◆ Exercise prompt ◆
Once you reach the line with "убива, за да" in the material below, copy each line exactly up to and including the line with "Lo spazio non", and skip the pictures.
===== Data supplied
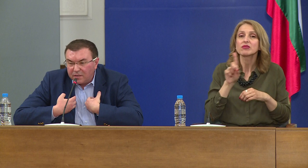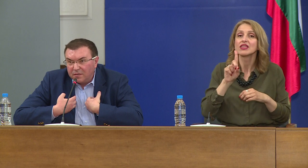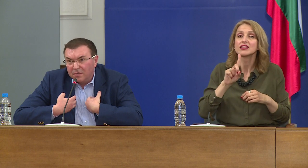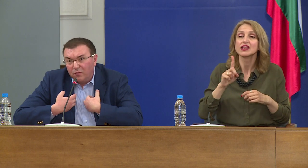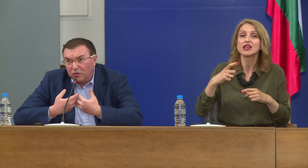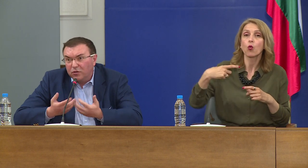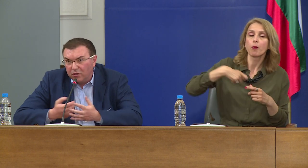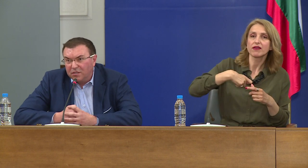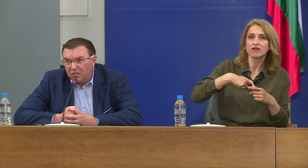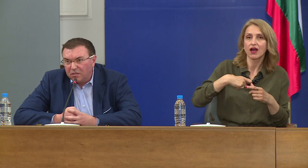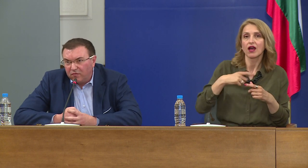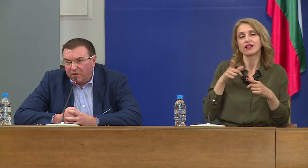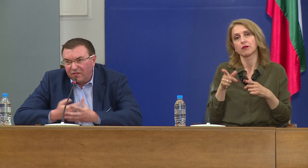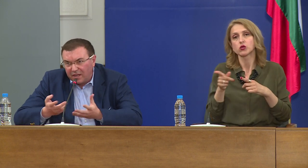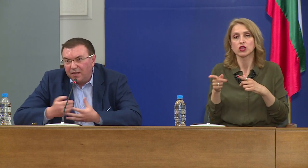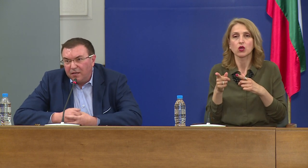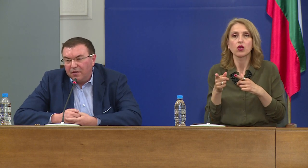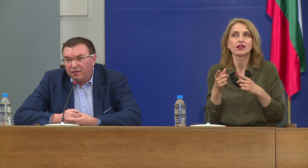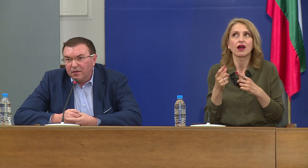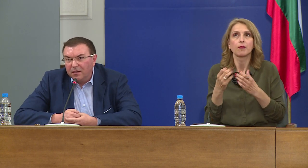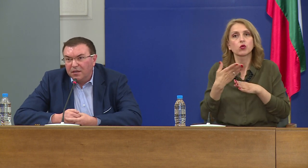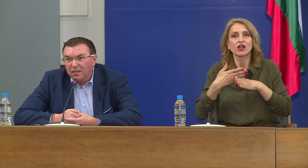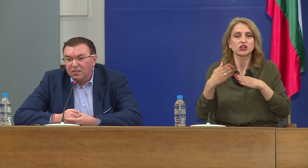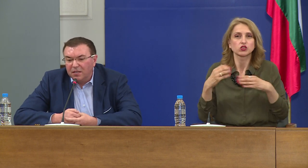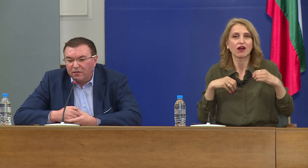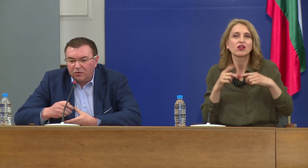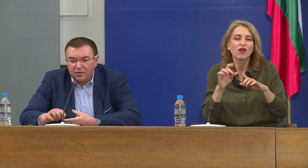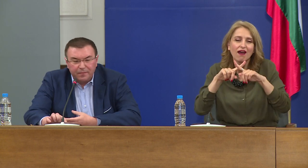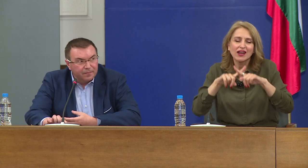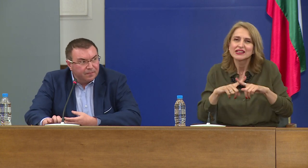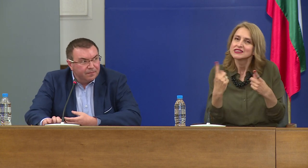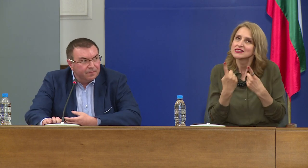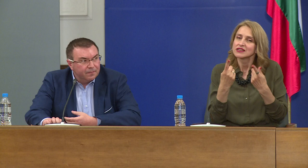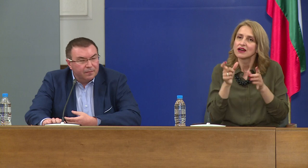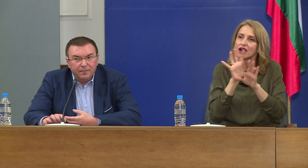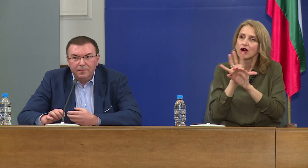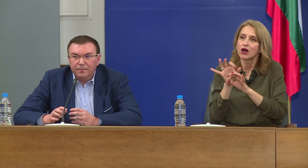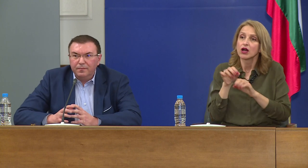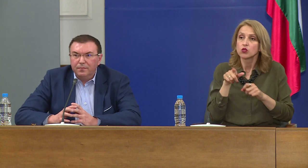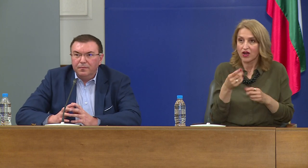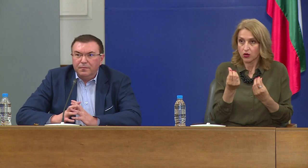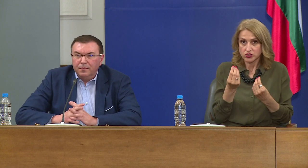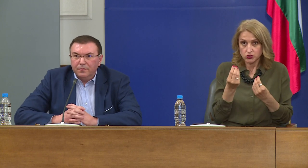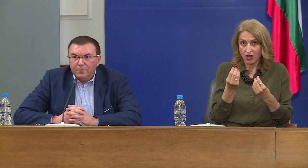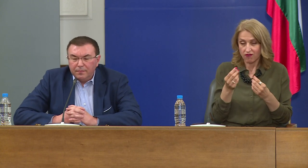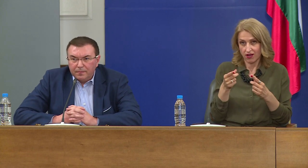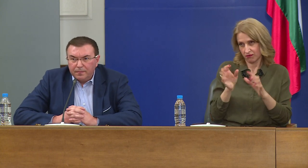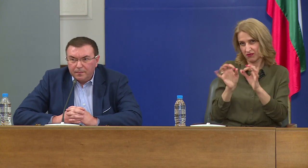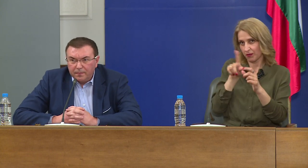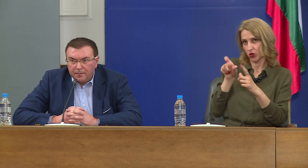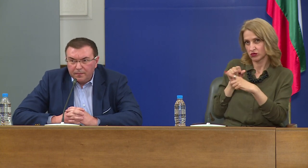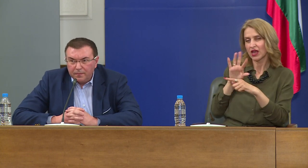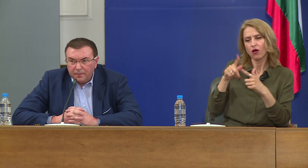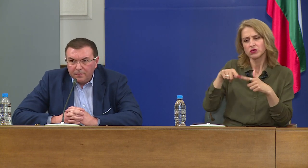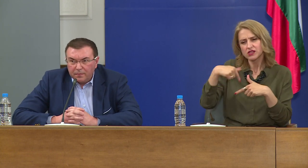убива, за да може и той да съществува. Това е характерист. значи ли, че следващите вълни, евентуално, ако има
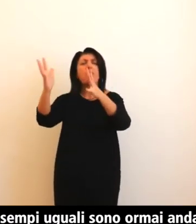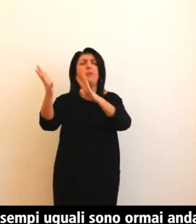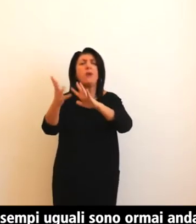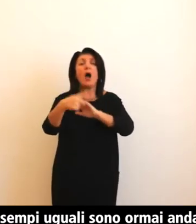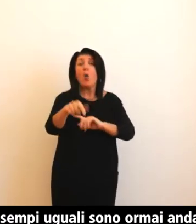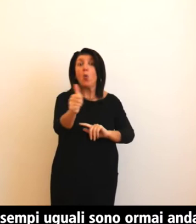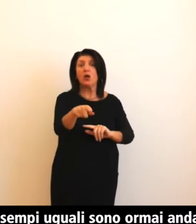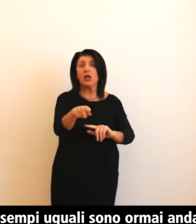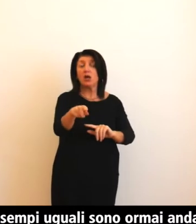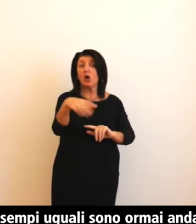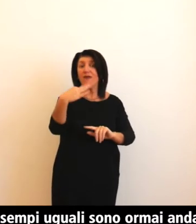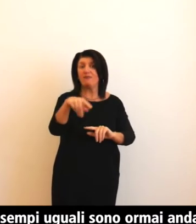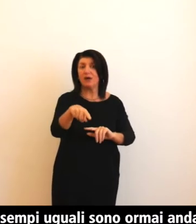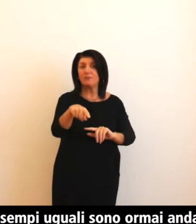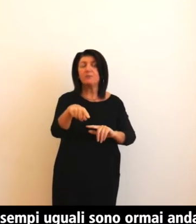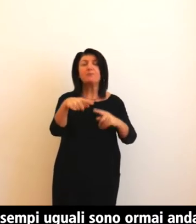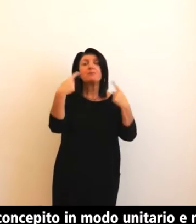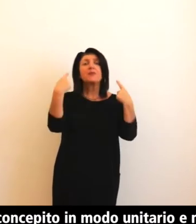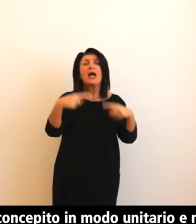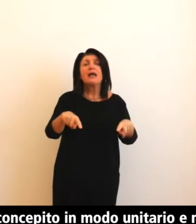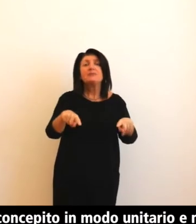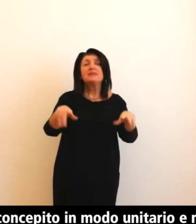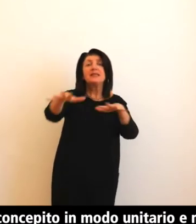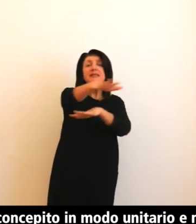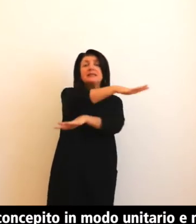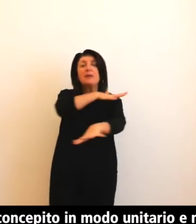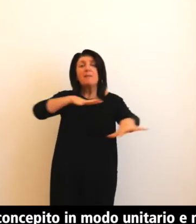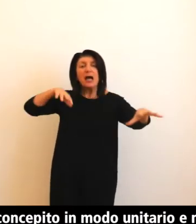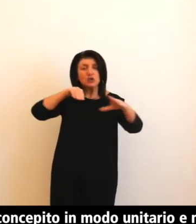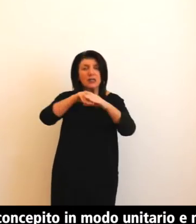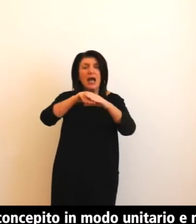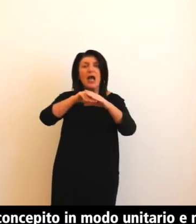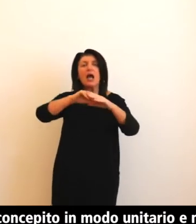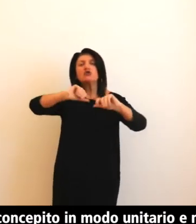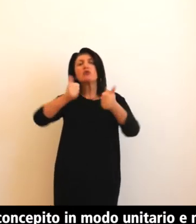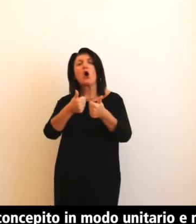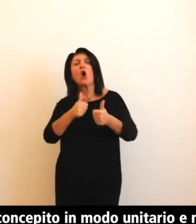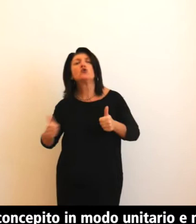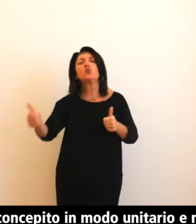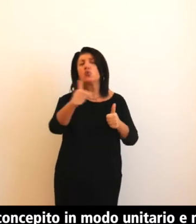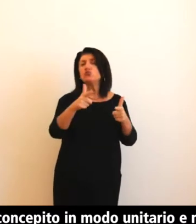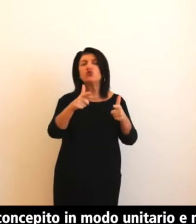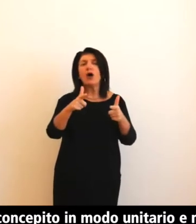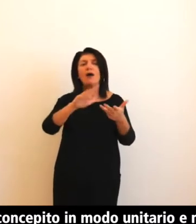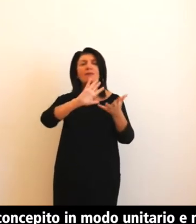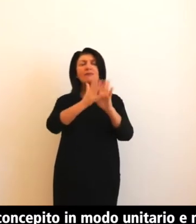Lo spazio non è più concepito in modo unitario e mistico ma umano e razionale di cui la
==========
===== Data supplied
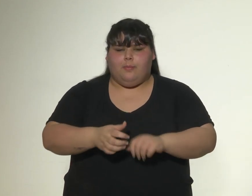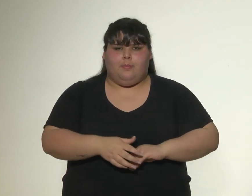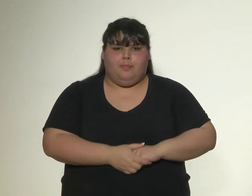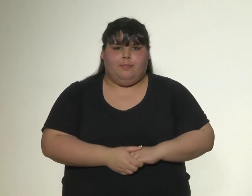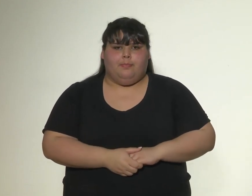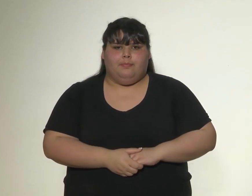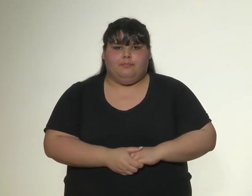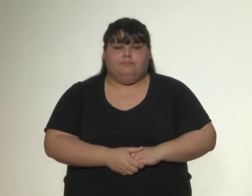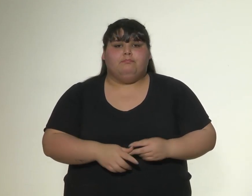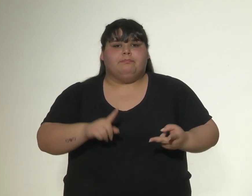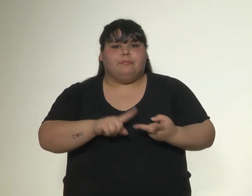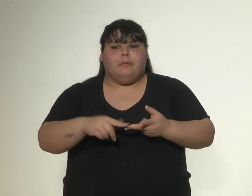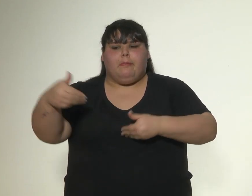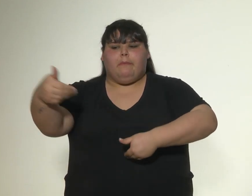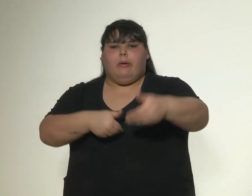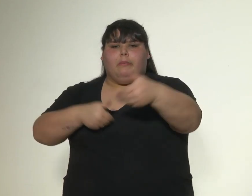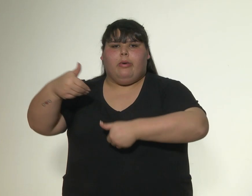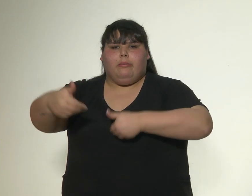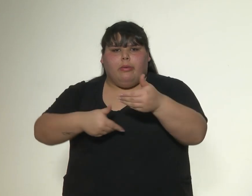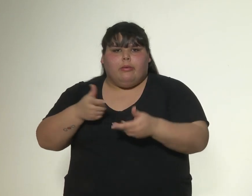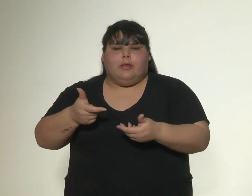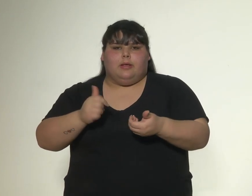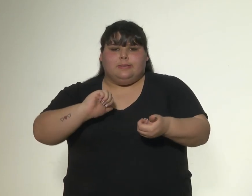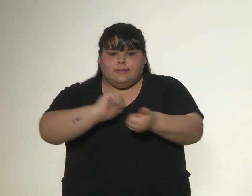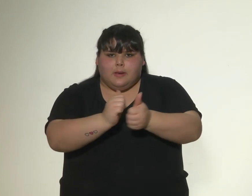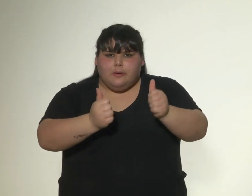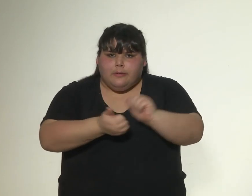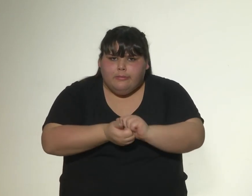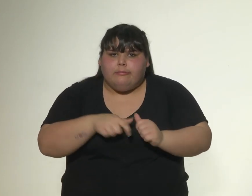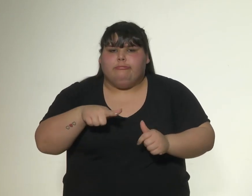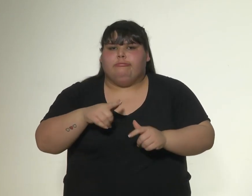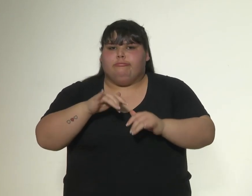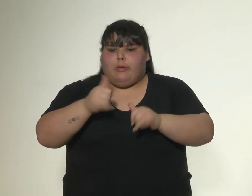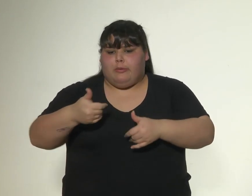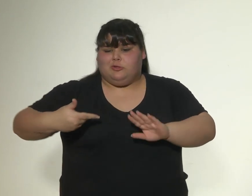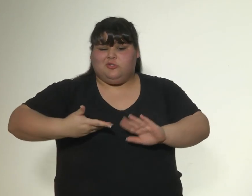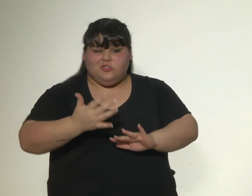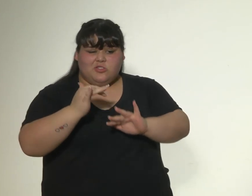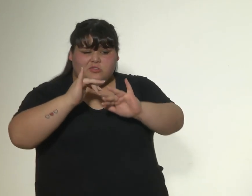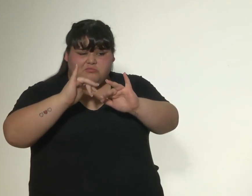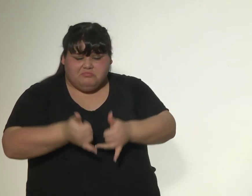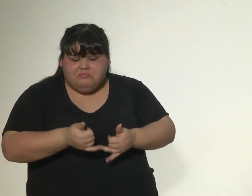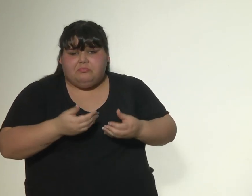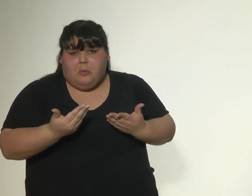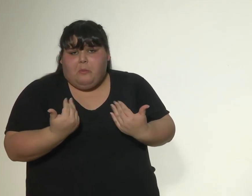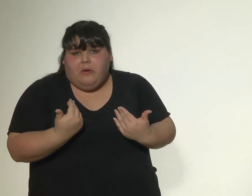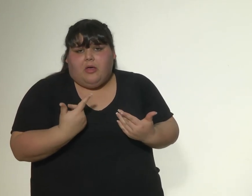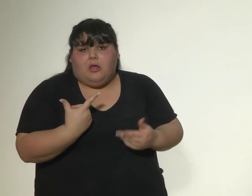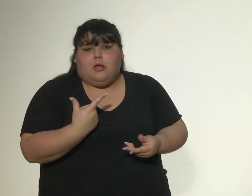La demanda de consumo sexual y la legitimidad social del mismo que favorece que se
==========
◆ Problem solution ◆
убива, за да може и той да съществува. Това е характерист. значи ли, че следващите вълни, евентуално, ако има
Lo spazio non è più concepito in modo unitario e mistico ma umano e razionale di cui la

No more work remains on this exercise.